Mark Trowell, one of QC’s assigned by the Australian government to assist Schapelle Corby’s court appeal, has expressed surprise at the recruitment of an Indonesian soap starlet, Anisa Tri Hapsari, by the Corby Indonesian-based defence team.
Trowell thought the time involved in the publicity stunt, sweet looking as Hapsari certainly is, would have been better spent preparing the appeal grounds.
But then, the flamboyant Indonesian defence lawyer, Hotman Paris Hutapea has already demanded that the Australian government produce two key witnesses known only by their first names. This feeble clutch at straws has been based on an Australian drug convict’s hearsay evidence based on further hearsay evidence, that these two know who had been responsible for the marijuana in Corby's boogie bag. Another member of Corby’s defence team has even brazenly demanded the Australian government account for the 4 kg of marijuana found in Corby’s boogie bag.
Maybe that explains Paris Hutapea’s unusual confidence in his seemingly lack of appeal preparation, or his unrealistic confidence that the Australian government will meet all his demands. Maybe he has an ace up his sleeve? But then, maybe I am Ida Dalem Ketut Kresna Kapakisan.
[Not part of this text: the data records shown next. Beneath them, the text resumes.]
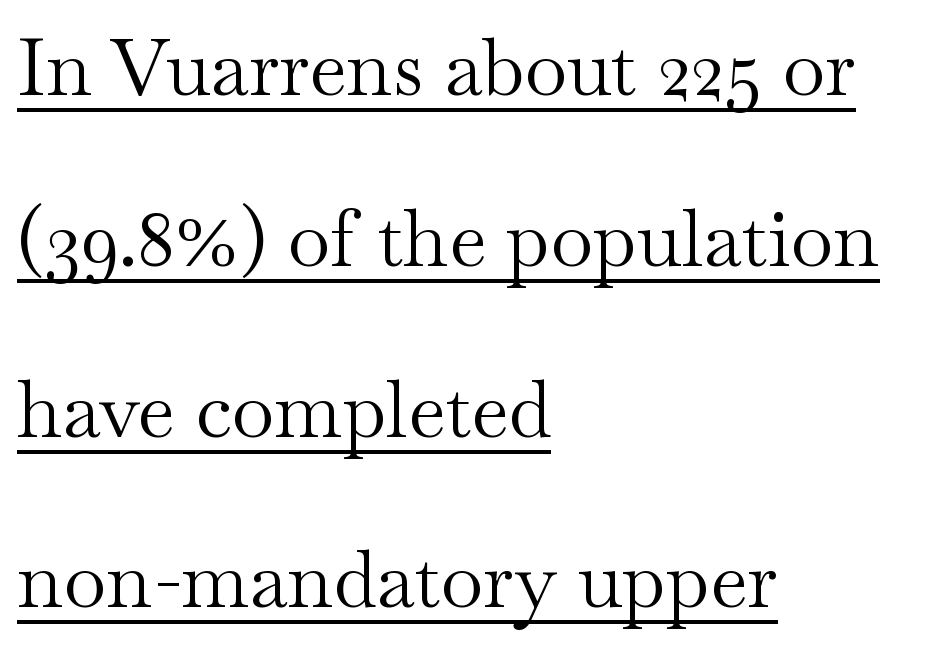
The leading is generous, giving the passage an open texture. Short and long lines alike share a common starting point at left. The letterforms sit shoulder to shoulder at normal distance. Honestly, the underline is the first thing you notice here.
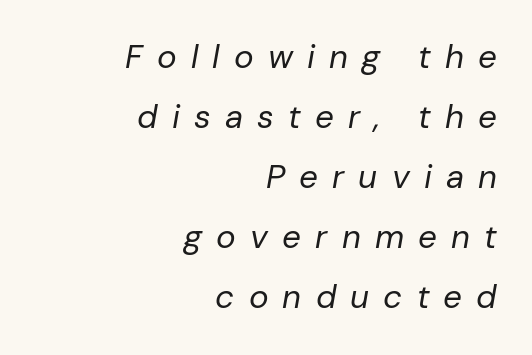
The image shows 33 px regular-weight type, italic (leaning right); set right-aligned, line spacing 1.82x, unusually wide letter spacing (+0.43 em), not underlined; low stroke contrast and a medium x-height.
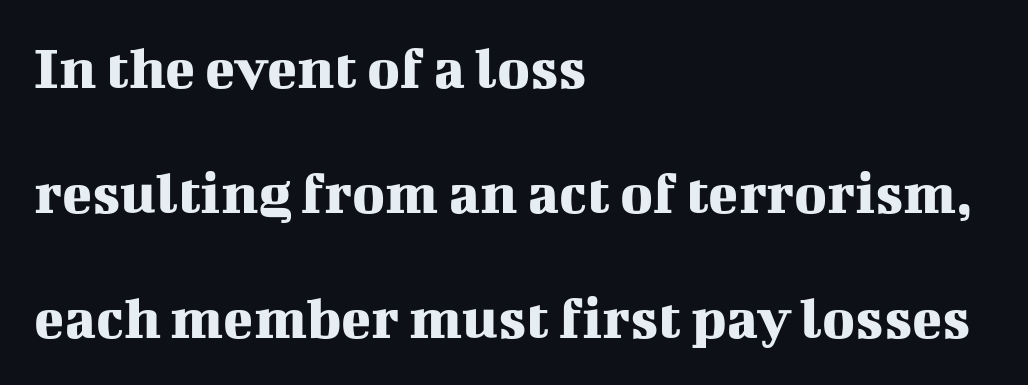
{"serif": "yes", "italic": "no", "width": "normal", "stroke_contrast": "medium", "x_height": "medium", "monospaced": "no", "underline": "no", "align": "left", "line_spacing": "loose", "line_spacing_ratio": 2.02, "letter_spacing": "normal", "letter_spacing_em": 0.0, "glyph_px": 62}
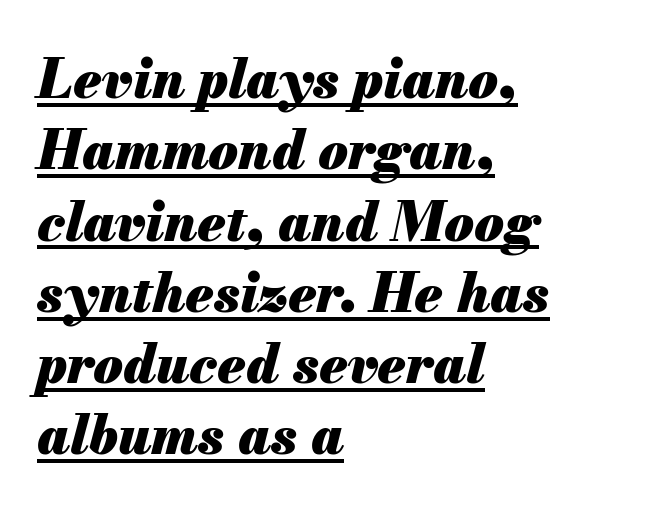
{"italic": "yes", "lean": "right", "slant_degrees": 13, "bold": "yes", "weight": "heavy", "width": "normal", "stroke_contrast": "medium", "x_height": "small", "monospaced": "no", "underline": "yes", "align": "left", "line_spacing": "normal", "line_spacing_ratio": 1.32, "letter_spacing": "normal", "letter_spacing_em": 0.0, "glyph_px": 54}

Trowell stated what everyone knows, except it seems the Corby Indonesian-based defence team, that an appeal must have sufficient evidence to convince the judges to overturn the earlier conviction.
But then, as Helen of Troy was known as the face that launched a thousand ships, Paris Hutapea rather wishfully hopes that Anisa Tri Hapsari can be the face that will launch a thousand doubts – in the judges’ minds.